Share:

biggest-claims-risks

You are just beginning to build the habits that can help or hinder your practice in the long term. Consistency in how you deliver service – from the questions you ask at intake to the steps you take when the client leaves the office – is one of the foundations to protect yourself against malpractice claims. Simple procedures like asking the right questions by following an intake form and calendaring and tickling deadlines and court dates as soon as you know them are hallmarks of good practice habits. On the other hand, haphazardly going through every client interview or thinking anew about the steps you should take on similar legal issues is a recipe for disaster. The experienced lawyer is not necessarily, by virtue of experience itself, a better lawyer. But the experienced lawyer, built on good practice habits, is likely better prepared to weather the ups and downs of practice. Best lay the groundwork now. Identify and adopt good practice habits.

Our malpractice claims statistics reveal several areas where you may face challenges that differ from seasoned lawyers. Let’s take an in-depth look at where these challenges lie and what you can do to meet them.

Maintaining timelines and deadlines
In contrast to experienced lawyers, new lawyers may face a disproportionately large number of claims related to time management (see pie chart). Such claims arise when lawyers procrastinate on files, and when deadlines, filing dates, court dates and limitation periods are missed.

graph

Time management errors can be prevented by building good habits like calendaring deadlines, limitation periods, and court dates as soon as they are discovered, such as at intake. Your calendaring system should warn you far in advance of deadlines several times, such as; within a year, six months, and thirty days. Practice management software can do this easily, but it is only as useful as the data you put into it.

Another good practice habit is to calendar when you expect major legal steps to be completed, not just deadlines. This can help you take control of the life of a file at every step. Instead of reacting to a deadline when you happen to be reminded, you can be pro-active and focus on the next task in front of you. As a starting point, litigators may wish to diarize deadlines for filing a complaint, serving the parties, conducting depositions, and setting a trial date. Transactional lawyers can diarize the steps involved with the particular deal, such as reviewing contracts, revisions, conducting searches and due diligence, and closing dates. You are ahead of the game if you can complete such steps well before a tickler kicks in to remind you of an impending deadline.

Know your file
Files can wind their way into the black hole of never-touched-until-it’s-too-late because the lawyer has failed to assess the file properly. Files that are worth a minimal amount or have complex issues that are not dealt with can be put into the “do-this-later” pile, never to be found again. The duty to the client doesn’t stop just because a case is not worth much or the difficulties are hard to overcome.

Manage Your Workload
Overwhelmed by work?
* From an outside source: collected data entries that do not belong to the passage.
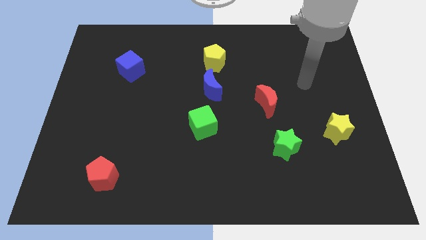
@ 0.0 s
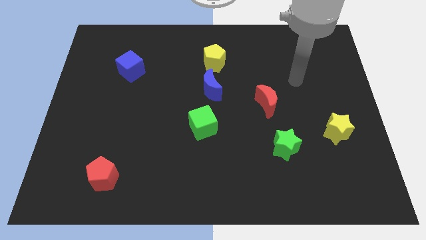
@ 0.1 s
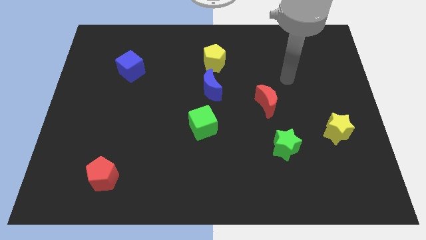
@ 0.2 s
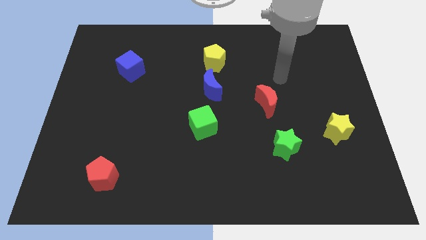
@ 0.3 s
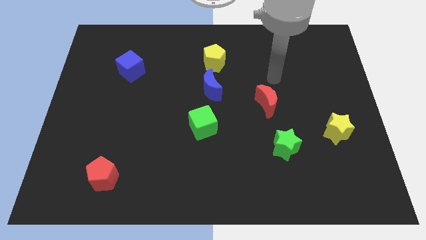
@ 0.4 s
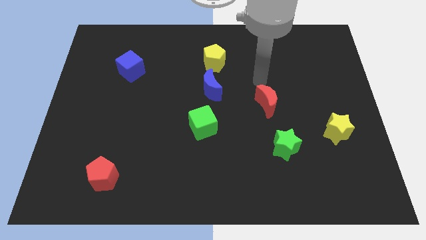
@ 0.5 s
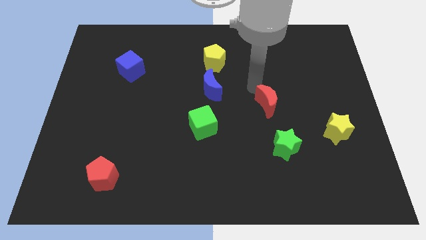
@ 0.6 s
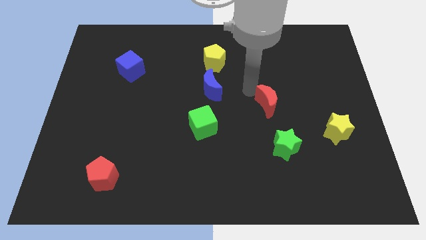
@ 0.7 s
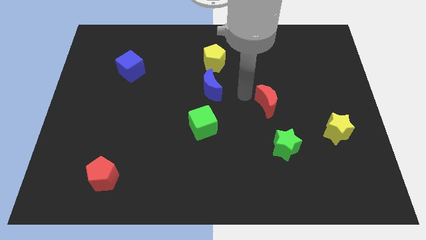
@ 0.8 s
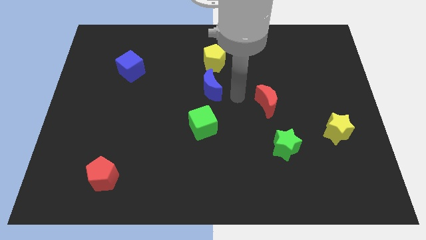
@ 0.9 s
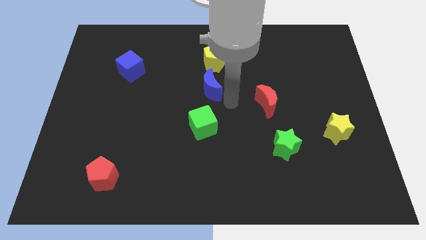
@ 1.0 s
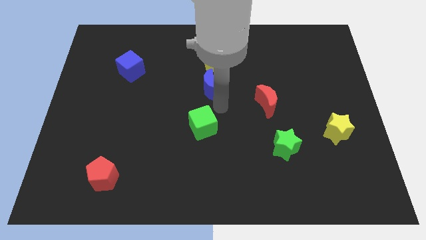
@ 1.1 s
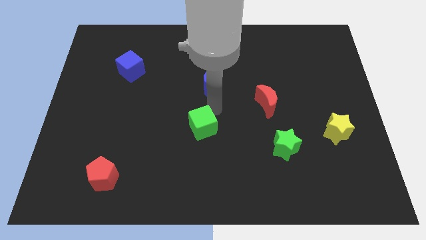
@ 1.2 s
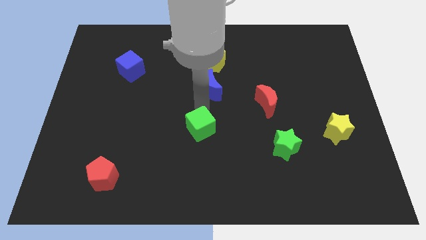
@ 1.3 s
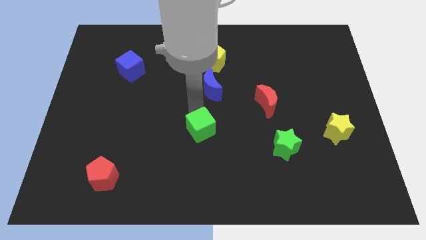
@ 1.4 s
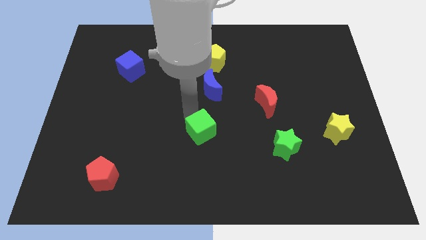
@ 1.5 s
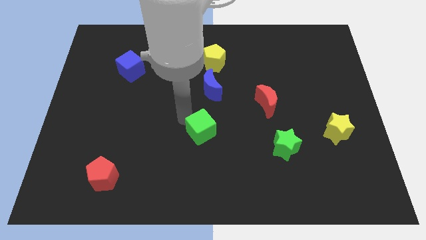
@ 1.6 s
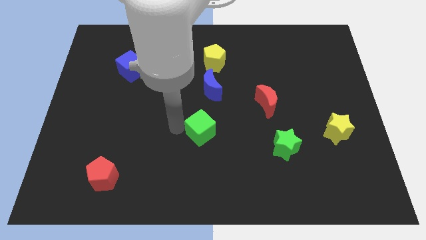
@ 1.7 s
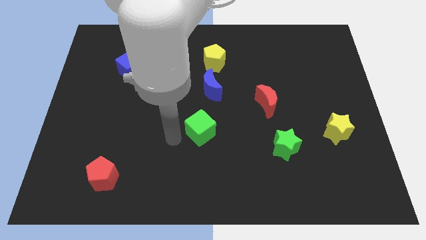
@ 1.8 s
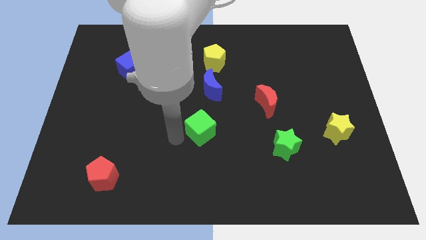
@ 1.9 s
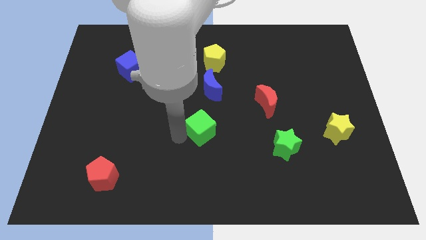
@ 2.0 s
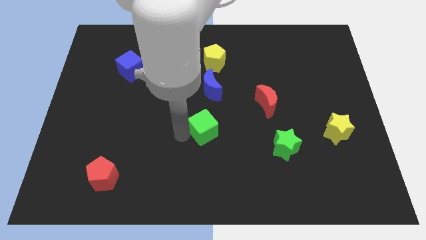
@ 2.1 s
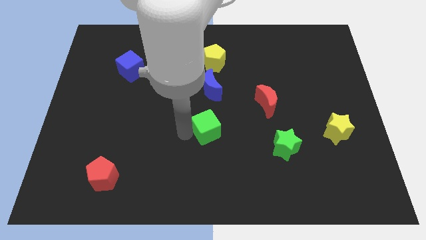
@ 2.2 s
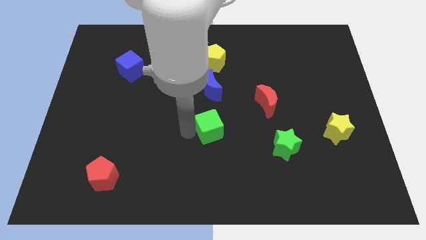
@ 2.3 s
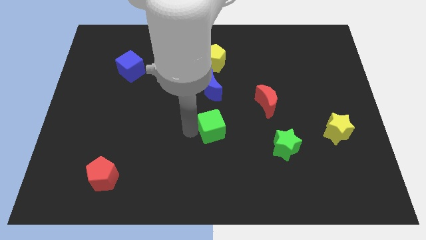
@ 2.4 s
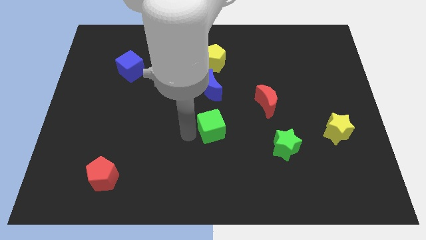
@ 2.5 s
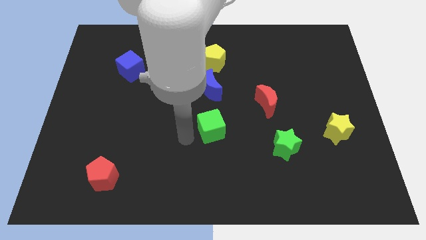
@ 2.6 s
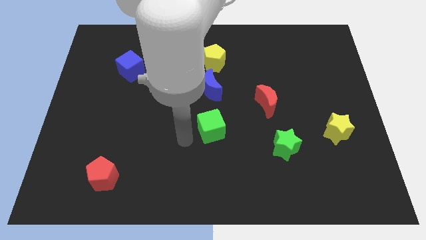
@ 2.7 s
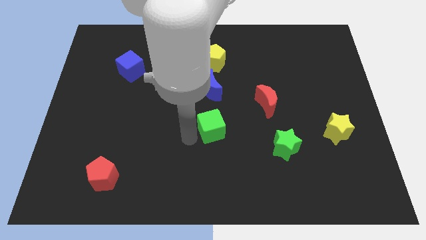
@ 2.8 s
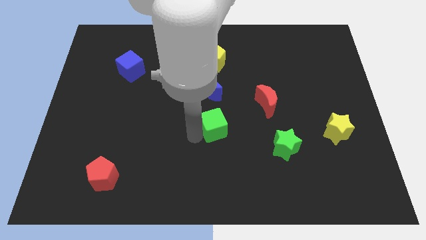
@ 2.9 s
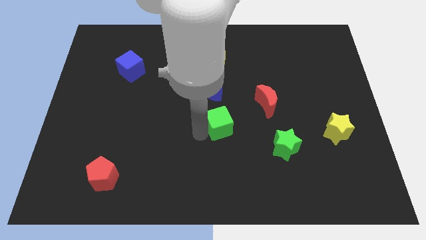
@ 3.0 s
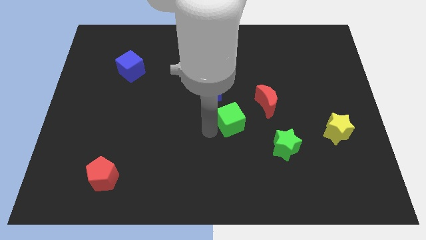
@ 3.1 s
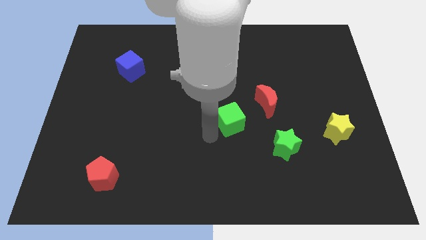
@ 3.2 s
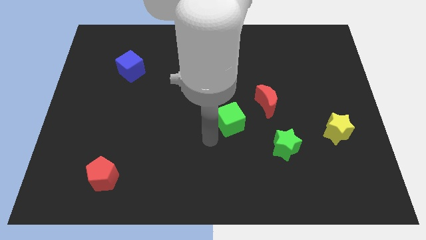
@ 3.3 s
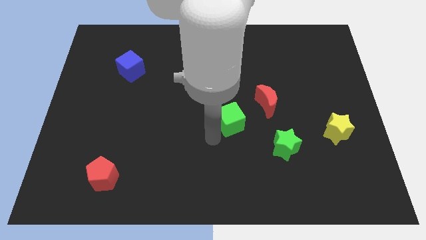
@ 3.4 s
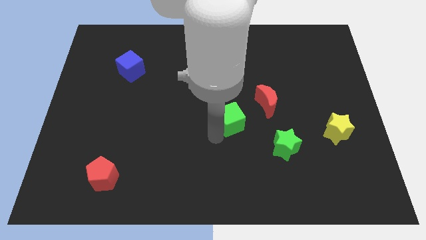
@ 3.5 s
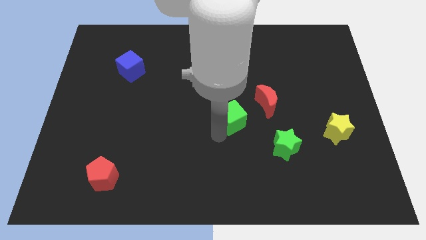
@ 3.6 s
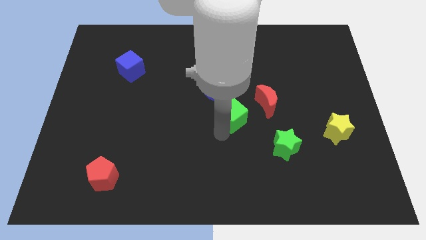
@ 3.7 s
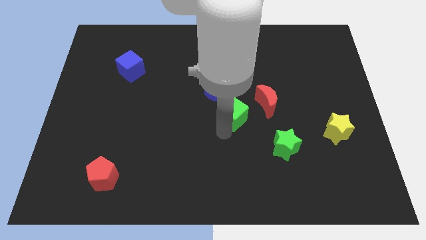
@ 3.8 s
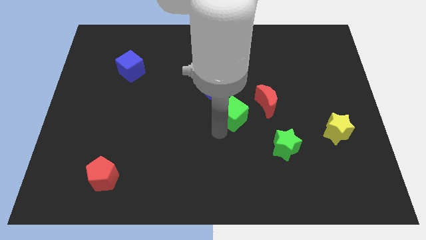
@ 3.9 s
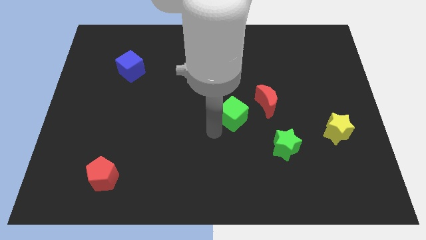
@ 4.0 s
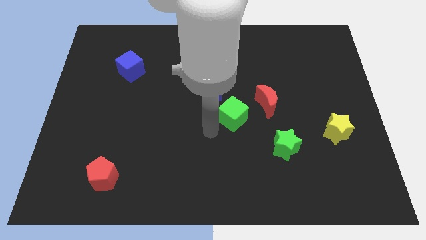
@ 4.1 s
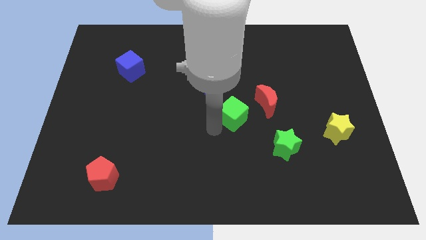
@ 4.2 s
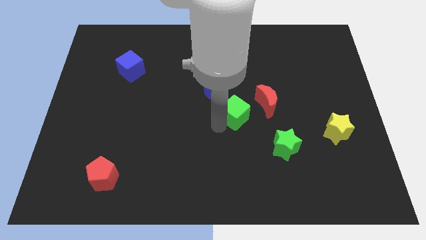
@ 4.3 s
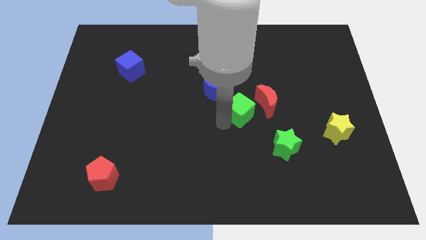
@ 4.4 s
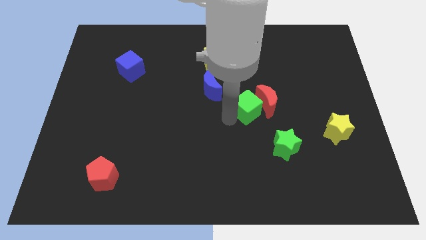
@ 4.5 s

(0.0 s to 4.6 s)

This is an opportunity to either manage your time more efficiently and/or discuss with senior lawyers how you can be most effective. If you are losing sleep you are less effective; if you are stressed to the point of exhaustion you are less effective; if you are further isolated you are less effective. One tip on how you can manage your tasks on a daily basis is to take out a piece of paper and split it into four quadrants, as below (also Google Steven Covey). Organize your tasks into each box and begin work under the following guidelines.

chart

No matter how well organized you are, sometimes the workload is just too much. However much it may hurt your ego or your perceived reputation, it may be better to lessen your workload (and in fact it will probably help your reputation to deliver excellent work consistently than to deliver sub-par work consistently) and to say “no” to incoming work.

Communicate!
While communication errors are the primary source of claims for just about any lawyer of any vintage, new lawyers do seem to fare better on this score. Be careful when discussing the prospects of a case with your client. Throw out a number valuing a case at intake, and that sets an anchor in the client’s mind for the life of the file. If you settle outside of the number, you risk upsetting your client which can in turn trigger a malpractice claim. Discuss the strengths and weakness of the case with confidence, but think twice before you give an estimate.

Transactional lawyers should clearly document the client’s intentions and your recommendations. Does a real estate client want to add another floor to a building? What are the chances the permits can be obtained? Does a client buying out a company want to break certain business relationships and create new ones? Are the existing contracts amenable to such a change? When a client says one thing and you do another, this can result in a malpractice claim. If you have documented your client’s intentions and your recommendations, you can better protect yourself in the event of a claim.

Good communication is about being honest with your client and keeping your client apprised of the steps in a file. Give recommendations and take instructions, and document when you do both.

Investigating a file
Inadequate investigation is the third most common cause of malpractice claims for lawyers at all experience levels. A typical example is not asking the right questions at a client interview. Before drafting a will, the lawyer should at a minimum probe into what assets the clients own and where they are, and determine whether there are children or other beneficiaries from other relationships that may claim a right to property in the estate. Similarly, a corporate lawyer helping a client buy a business should at least ensure all obligations are determined as part of the due diligence process. And real estate lawyers should investigate any liens, easements, encroachments, and other restrictions. Determining these issues can be easily done by asking the client or the other parties involved, but omitting to ask can lead to nasty surprises.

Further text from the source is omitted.